- Occupation: Lecturer in gender studies at the University of Melbourne
- Known for: Auschwitz and Afterimages: Abjection, Witnessing and Representation (2011) After Francis Bacon: Synaesthesia and Sex in Paint (2012)
- Awards: 2007 Leverhulme Trust Award
- Scientific career
- Fields: Gender studies
- Institutions: University of Melbourne
- Website: Profile

= Nicholas Chare =

Nicholas Chare is a professor of art history at the Université de Montréal.
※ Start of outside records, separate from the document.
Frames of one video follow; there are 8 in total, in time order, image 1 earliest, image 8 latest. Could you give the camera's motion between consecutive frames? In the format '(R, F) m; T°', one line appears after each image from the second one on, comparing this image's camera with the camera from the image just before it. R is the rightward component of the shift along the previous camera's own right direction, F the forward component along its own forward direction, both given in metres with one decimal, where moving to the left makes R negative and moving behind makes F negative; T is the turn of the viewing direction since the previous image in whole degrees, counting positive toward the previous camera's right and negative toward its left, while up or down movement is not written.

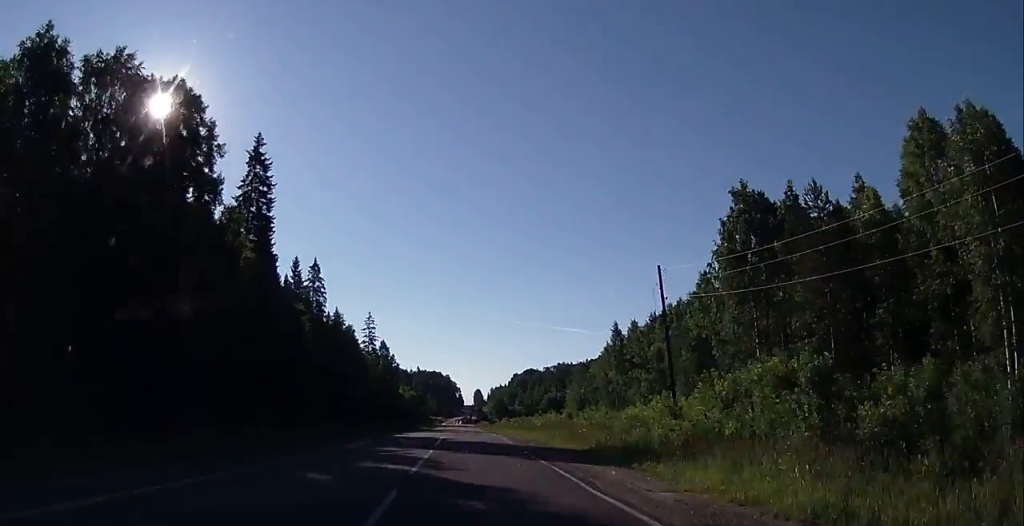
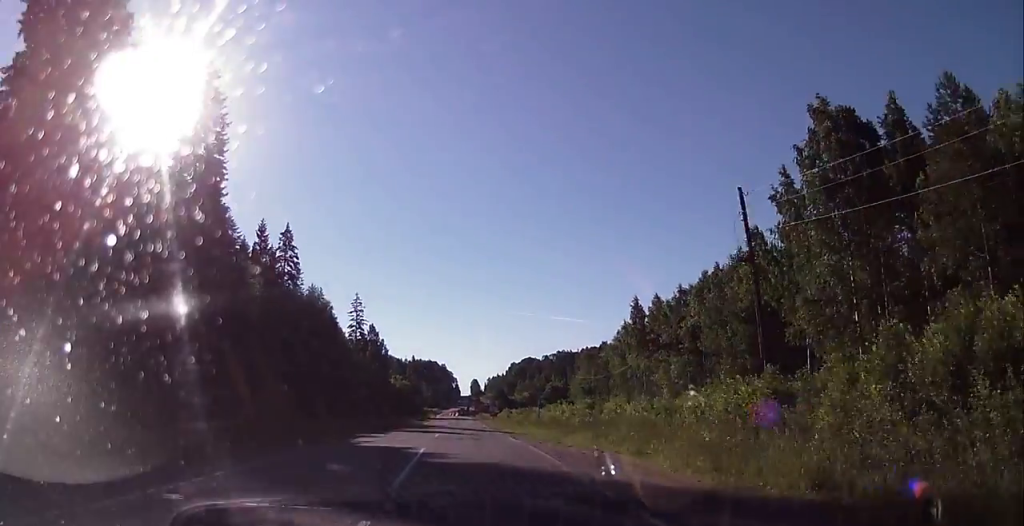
(-0.1, +15.3) m; 0°
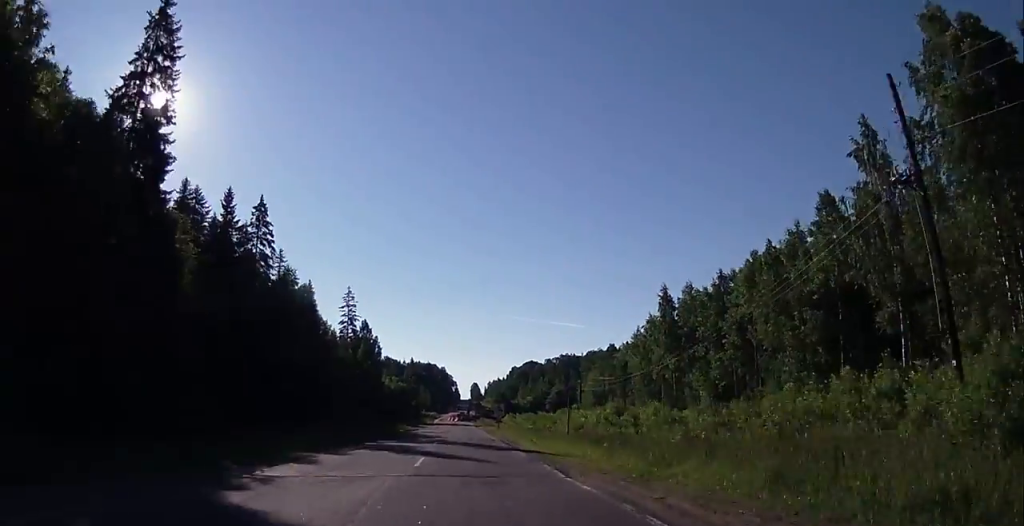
(-0.1, +13.0) m; 0°
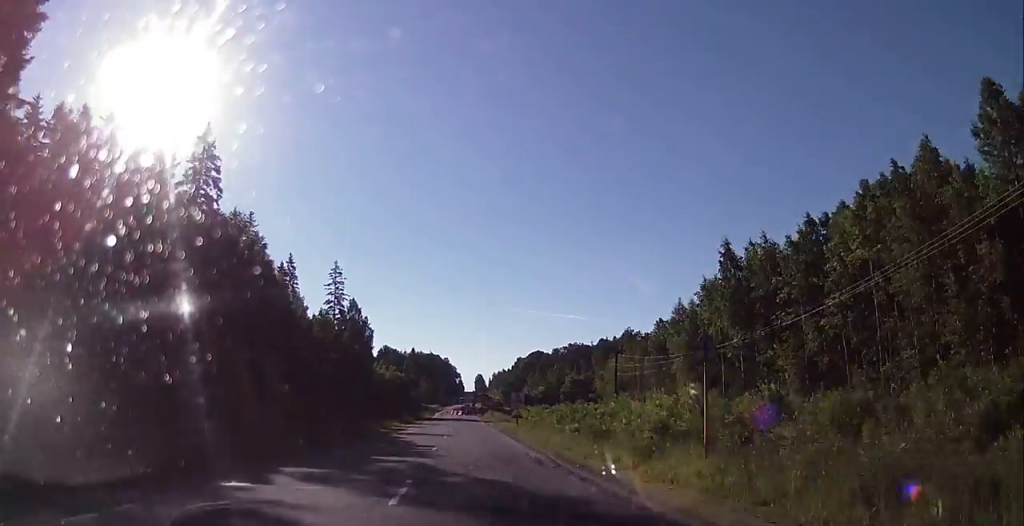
(+0.3, +18.8) m; 0°
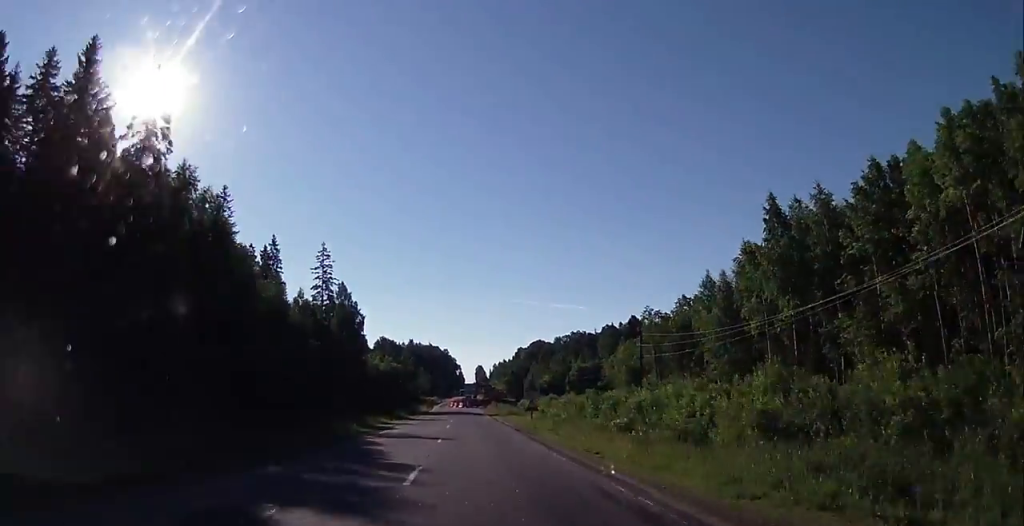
(-0.1, +10.1) m; -1°
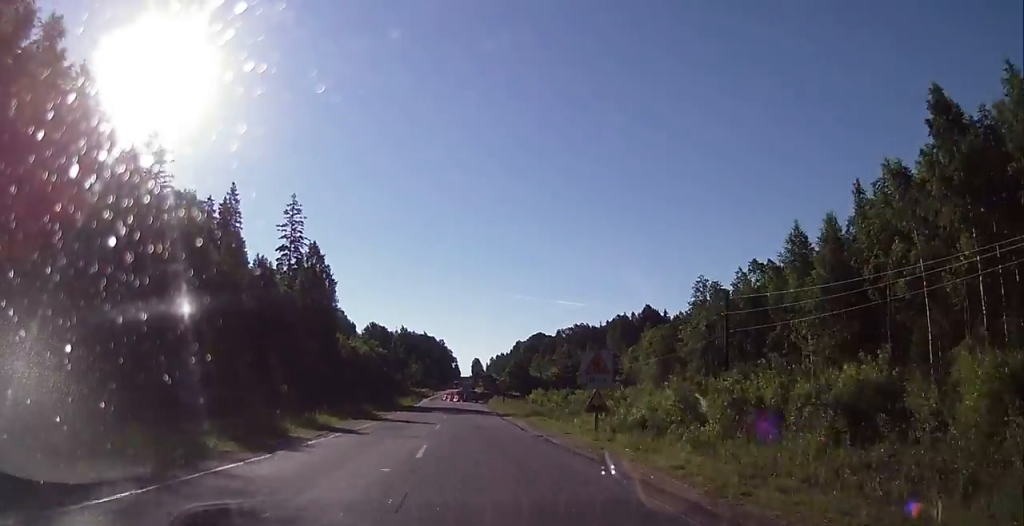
(-0.5, +21.0) m; -1°
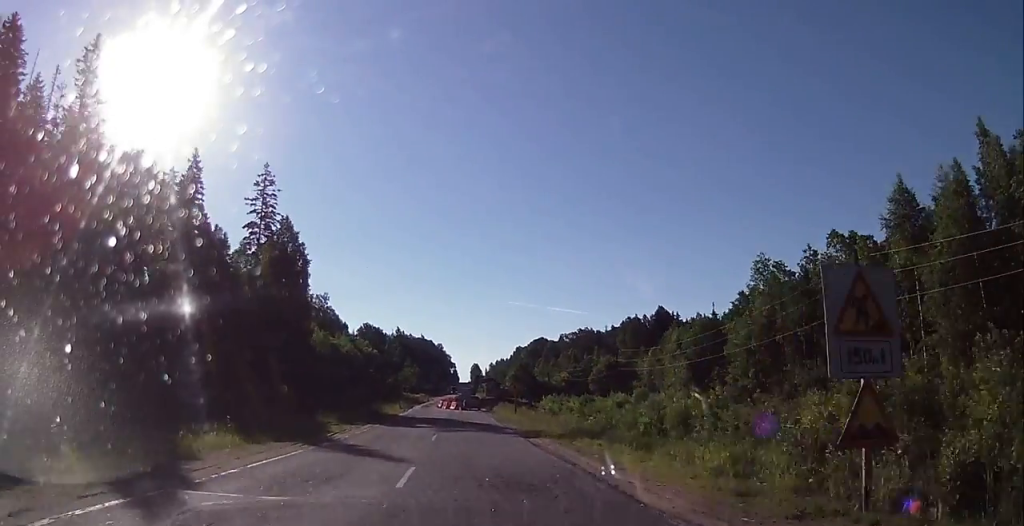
(+0.2, +15.6) m; +1°
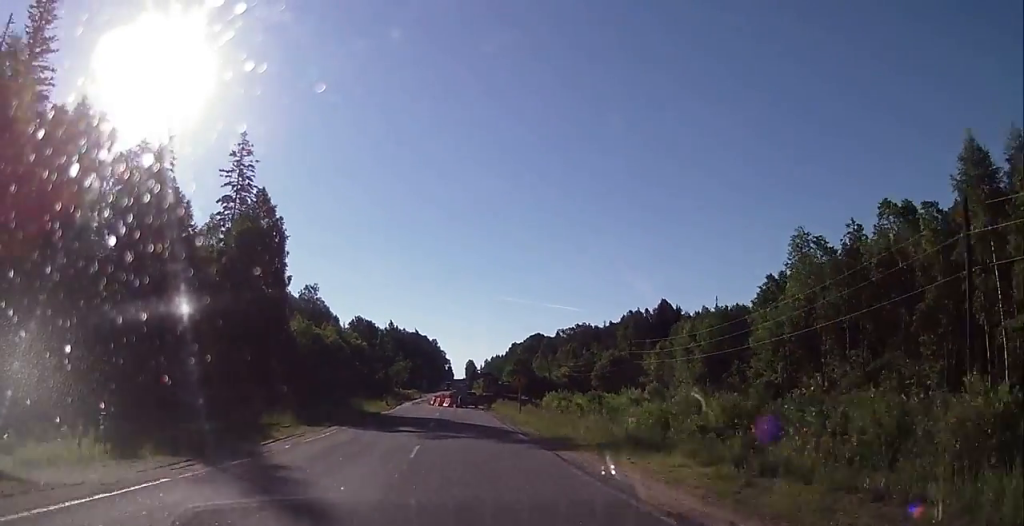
(+0.1, +8.8) m; 0°

He received his Bachelor of Arts in English and the history of art from the University of Leeds in 1997, and his Master of Arts in the social history of art from the same institution in 1998. He received his PhD from the University of Leeds in 2005. He has served as an instructor at the University of Melbourne, the University of Leeds, the University of Reading, the University of York, and Goldsmiths, University of London.

He is the author of Auschwitz and Afterimages: Abjection, Witnessing and Representation, After Francis Bacon: Synaesthesia and Sex in Paint and co-editor of Representing Auschwitz: At the Margins of Testimony (2013) and Matters of Testimony : Interpreting the Scrolls of Auschwitz (2017).

Chare was a 2007 recipient of the Leverhulme Trust Award recognising his research into paintings by Francis Bacon.

==Works==

===Books===
- Chare, Nicholas (2011). "Auschwitz and Afterimages: Abjection, Witnessing and Representation"
- Chare, Nicholas (2012). "After Francis Bacon: Synaesthesia and Sex in Paint"
- Chare, Nicholas (2013). "Representing Auschwitz: At the Margins of Testimony"
- Chare, Nicolas, Williams, Dominic. (2016). "Matters of Testimony : Interpreting the Scrolls of Auschwitz"
- Chare, Nicolas; Franck, Mitchell B. (edited by). (2021) History and Art History: Looking Past Disciplines. New York: Routledge. OCLC 1237709112.